Axioo memperkenalkan Hype AI 5, laptop AI-ready terjangkau di Indonesia. Dengan harga Rp8.399.000, perangkat ini ditenagai Intel Core Ultra 5 125H ber-NPU. Fitur AI on-device, desain ringan, baterai 10 jam, dan RAM upgradeable tersedia. Laptop ini cocok bagi mahasiswa dan profesional muda yang membutuhkan komputasi AI.

Axioo meluncurkan Hype AI 5, laptop yang diklaim “AI-Ready” untuk segmen terjangkau di Indonesia, dibanderol Rp8.399.000. Perangkat ini ditenagai prosesor Intel Core Ultra 5 125H. Langkah ini memicu perdebatan atas definisi “terjangkau” dan urgensi nyata teknologi kecerdasan buatan bagi konsumen domestik yang ditargetkan.
Hype AI 5 mengandalkan Intel Core Ultra 5 125H berbasis arsitektur Meteor Lake, yang dilengkapi Neural Processing Unit (NPU) khusus untuk komputasi AI. Teknologi Intel AI Boost ini diklaim mampu menangani beban kerja seperti efek video AI, pengenalan suara, dan kolaborasi cerdas tanpa membebani CPU atau GPU utama. Fitur seperti Windows Studio Effects, termasuk efek “background blur” dan “eye contact” saat konferensi video, menjadi bukti langsung integrasi AI ini.
Laptop berbobot 1,25 kilogram ini menawarkan layar 14 inci resolusi FHD+ dengan panel IPS. Efisiensi NPU disebut-sebut memperpanjang daya tahan baterai hingga 10 jam, menargetkan mobilitas tinggi bagi mahasiswa dan profesional muda. Berbeda dengan tren laptop ultra-light lain, Hype AI 5 menyediakan dua slot SODIMM DDR5 yang dapat di-upgrade, memberikan fleksibilitas memori yang krusial untuk multitasking berat atau aplikasi kreatif berbasis AI.
Strategi Aksesibilitas dan Kepercayaan
Axioo menegaskan langkah ini sebagai upaya strategis untuk memperluas akses terhadap komputasi berbasis AI di pasar domestik. Perusahaan secara eksplisit menargetkan mahasiswa, profesional muda, dan pelaku usaha kecil yang membutuhkan perangkat kerja fleksibel dan relevan dengan perkembangan teknologi terkini.

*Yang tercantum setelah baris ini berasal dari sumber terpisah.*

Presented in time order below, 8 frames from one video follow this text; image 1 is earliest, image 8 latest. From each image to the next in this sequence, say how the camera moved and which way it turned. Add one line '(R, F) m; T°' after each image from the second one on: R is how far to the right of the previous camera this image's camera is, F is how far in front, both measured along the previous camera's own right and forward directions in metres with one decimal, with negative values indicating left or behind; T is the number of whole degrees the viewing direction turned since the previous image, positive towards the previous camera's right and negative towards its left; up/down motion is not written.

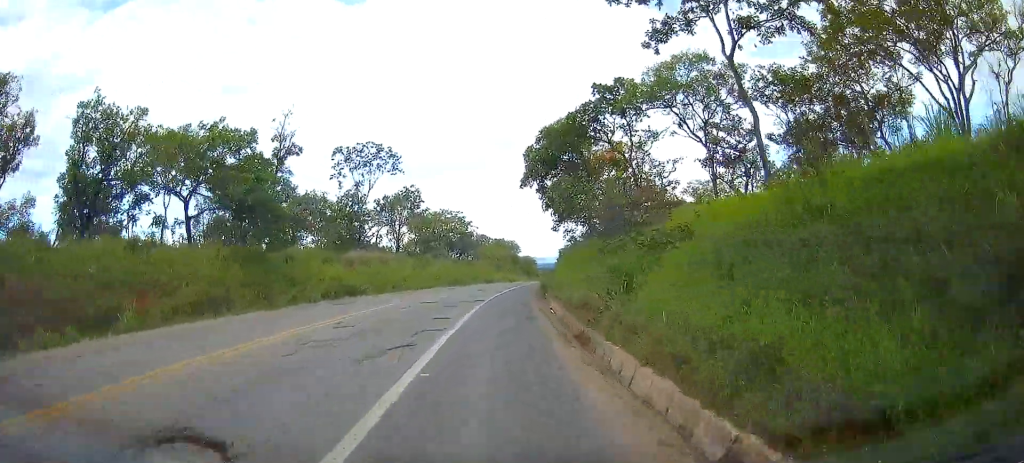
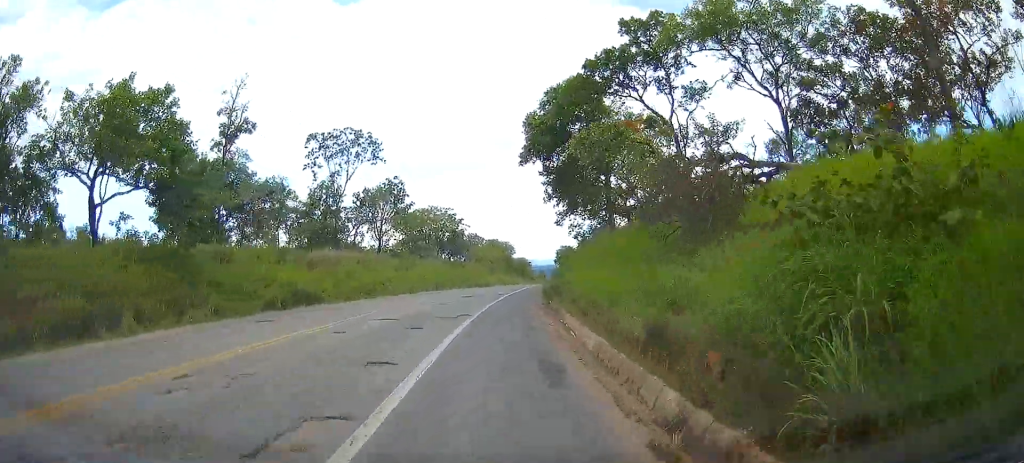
(0.0, +7.9) m; 0°
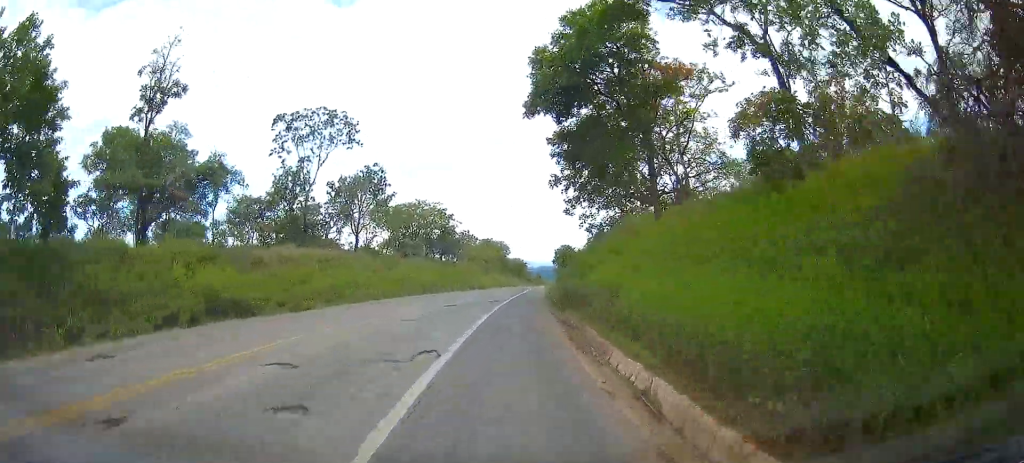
(-0.3, +8.5) m; 0°
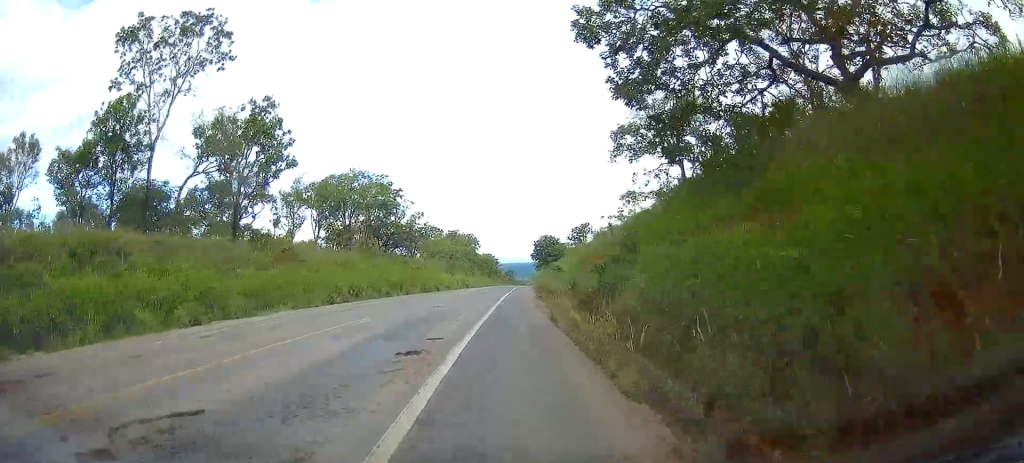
(+0.3, +21.5) m; 0°
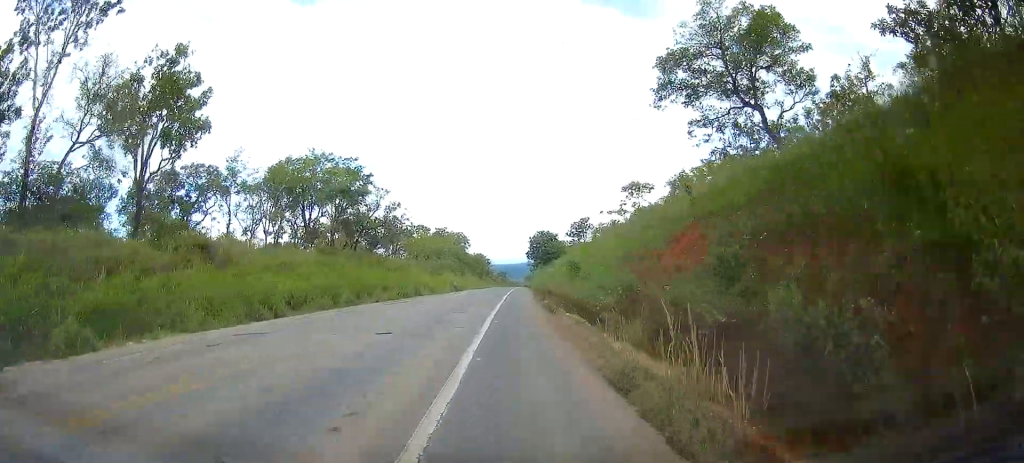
(-0.4, +9.8) m; +1°
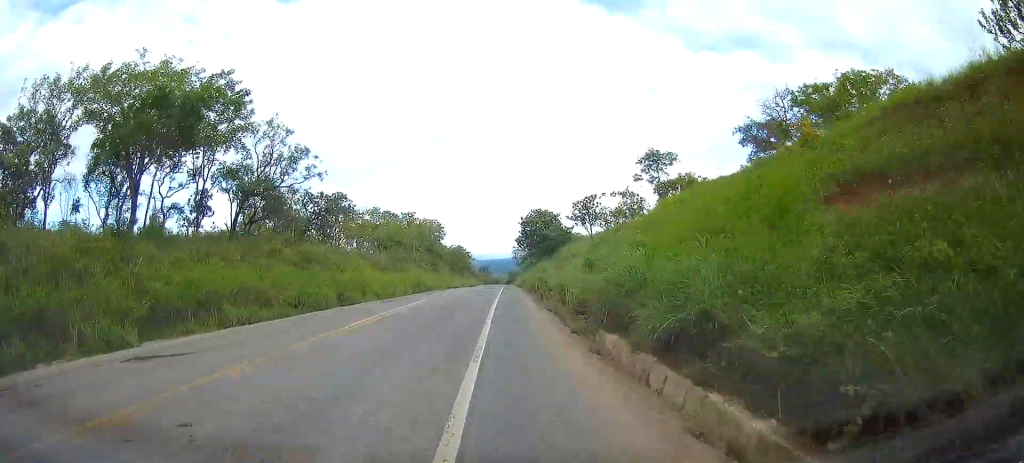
(+1.1, +23.0) m; +3°
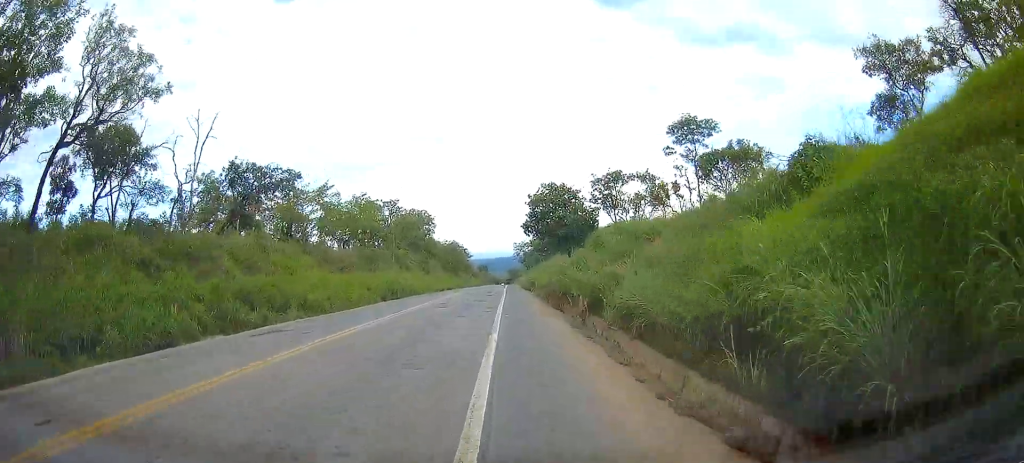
(0.0, +16.8) m; +1°
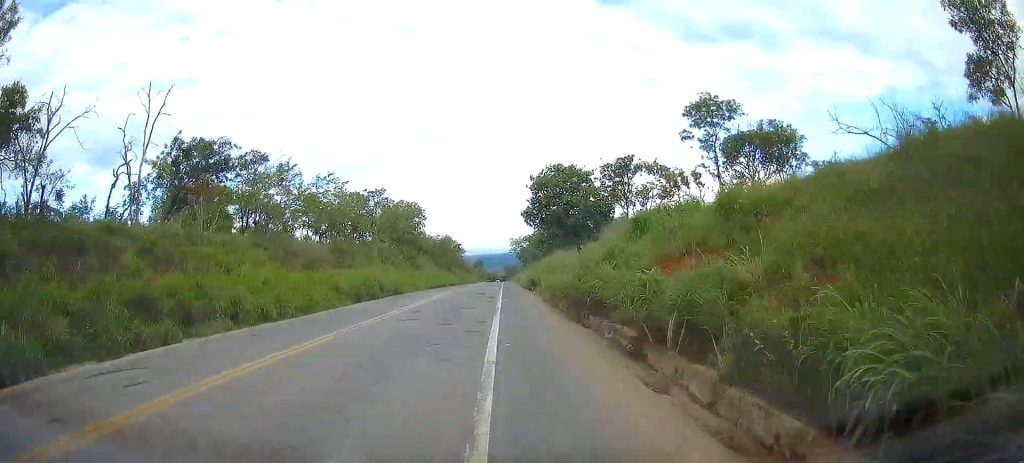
(-0.2, +8.2) m; +1°

Guna memperkuat kepercayaan konsumen, Axioo menyertakan program Accidental Damage Protection Extra yang mencakup perlindungan terhadap kerusakan tidak terduga hingga kehilangan. Klaim dapat diajukan lebih dari sekali, didukung oleh 183 jaringan service center di seluruh Indonesia. Ini merupakan manuver penting untuk menenangkan kekhawatiran konsumen di segmen menengah.
Tren AI On-Device dan Implikasinya
Hadirnya laptop dengan NPU terintegrasi mencerminkan tren AI “on-device” yang semakin menguat, di mana proses komputasi dilakukan langsung di perangkat tanpa sepenuhnya bergantung pada komputasi awan. Pendekatan ini menjanjikan efisiensi daya dan peningkatan privasi pengguna karena data sensitif dapat diproses secara lokal.
Dengan Hype AI 5, Axioo berpotensi menjadi pionir lokal dalam memperluas penetrasi teknologi AI. Namun, keberhasilan adopsi luas di segmen menengah akan sangat bergantung pada sejauh mana fitur-fitur AI ini benar-benar menjadi kebutuhan mendesak, bukan sekadar mengikuti tren global yang belum sepenuhnya relevan bagi sebagian besar pengguna di Indonesia. Pertanyaan krusialnya: apakah pasar siap menganggap laptop dengan NPU sebagai “kebutuhan baru” atau hanya sekadar “fitur tambahan”?